Casarrubios: el único turista que se ve es el que se ha perdido
Alberto Caneda.- El Ayuntamiento sanchista de Casarrubios ha conseguido algo que parecía imposible: convertir un pueblo con potencial en una parada fantasma donde el turismo brilla por su ausencia. Y no porque falten ganas de atraer visitantes, sino porque parece que la estrategia municipal consiste en esperar sentado a que alguien aparezca… aunque sea preguntando dónde está Toledo.
Si algún turista pisa Casarrubios, probablemente no sea por una brillante campaña de promoción ni por una oferta cultural rompedora. Lo más seguro es que el GPS le haya jugado una mala pasada o que haya confundido la salida de la autovía. Porque resultados turísticos, lo que se dice resultados, la gestión municipal ofrece exactamente los mismos que una oficina de turismo abierta en Nochebuena: ninguno.
Eso sí, hay que reconocer que el pueblo sí tiene un auténtico reclamo: el restaurante El Rey. El único lugar capaz de atraer gente de fuera por méritos propios, gracias al trabajo, la calidad y el esfuerzo de quienes lo levantan cada día. Pero lejos de apoyarlo, promocionarlo o presumir de él como bandera gastronómica local, el Ayuntamiento parece practicar el noble arte de mirar hacia otro lado.

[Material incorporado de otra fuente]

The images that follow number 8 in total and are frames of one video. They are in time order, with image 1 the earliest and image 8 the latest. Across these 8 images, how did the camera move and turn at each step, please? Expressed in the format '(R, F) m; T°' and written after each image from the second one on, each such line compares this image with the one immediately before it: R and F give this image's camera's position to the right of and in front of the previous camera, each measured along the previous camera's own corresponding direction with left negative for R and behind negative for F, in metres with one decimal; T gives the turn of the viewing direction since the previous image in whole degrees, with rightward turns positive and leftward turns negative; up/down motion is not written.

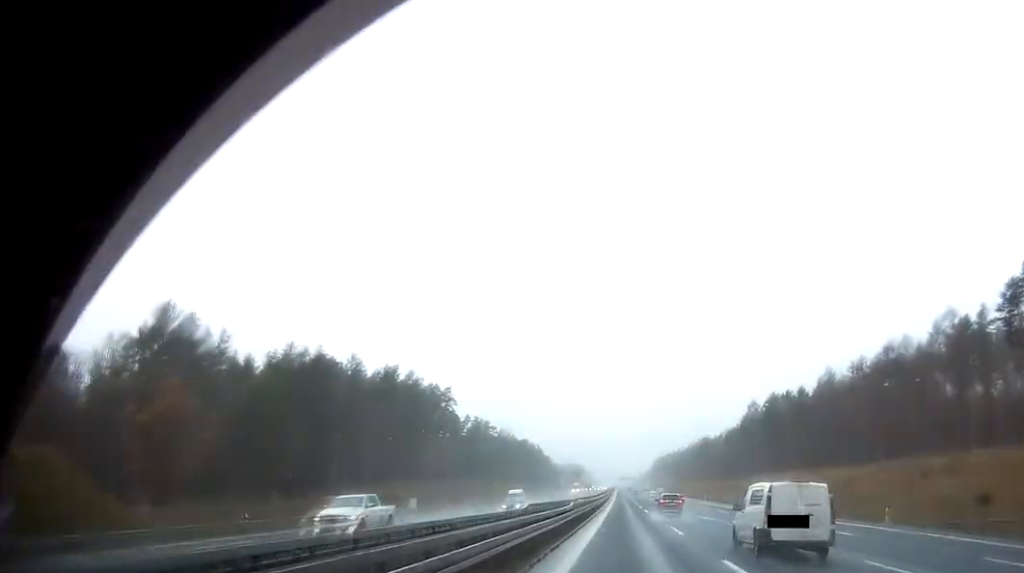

Resulta curioso que la única referencia positiva y reconocible de Casarrubios no reciba ni un miserable gesto institucional digno de mención. Ni campañas, ni reconocimiento, ni apoyo visible. Debe ser que en el consistorio consideran más rentable vender humo que promocionar lo único que realmente funciona.
Mientras otros municipios se esfuerzan por dinamizar su economía local, atraer visitantes y presumir de sus negocios emblemáticos, en Casarrubios la gran apuesta turística parece consistir en confiar en el azar. Y claro, así pasa: el pueblo no sale en rutas turísticas, no genera conversación y no atrae visitantes… salvo los que frenan a repostar o preguntan cómo volver a la carretera correcta.
Pero tranquilos, seguro que pronto presentarán otro folleto vacío, otra foto institucional y otro discurso triunfalista hablando de “impulso al turismo”. Porque si algo no falta en esta gestión son palabras. Lo que faltan son turistas.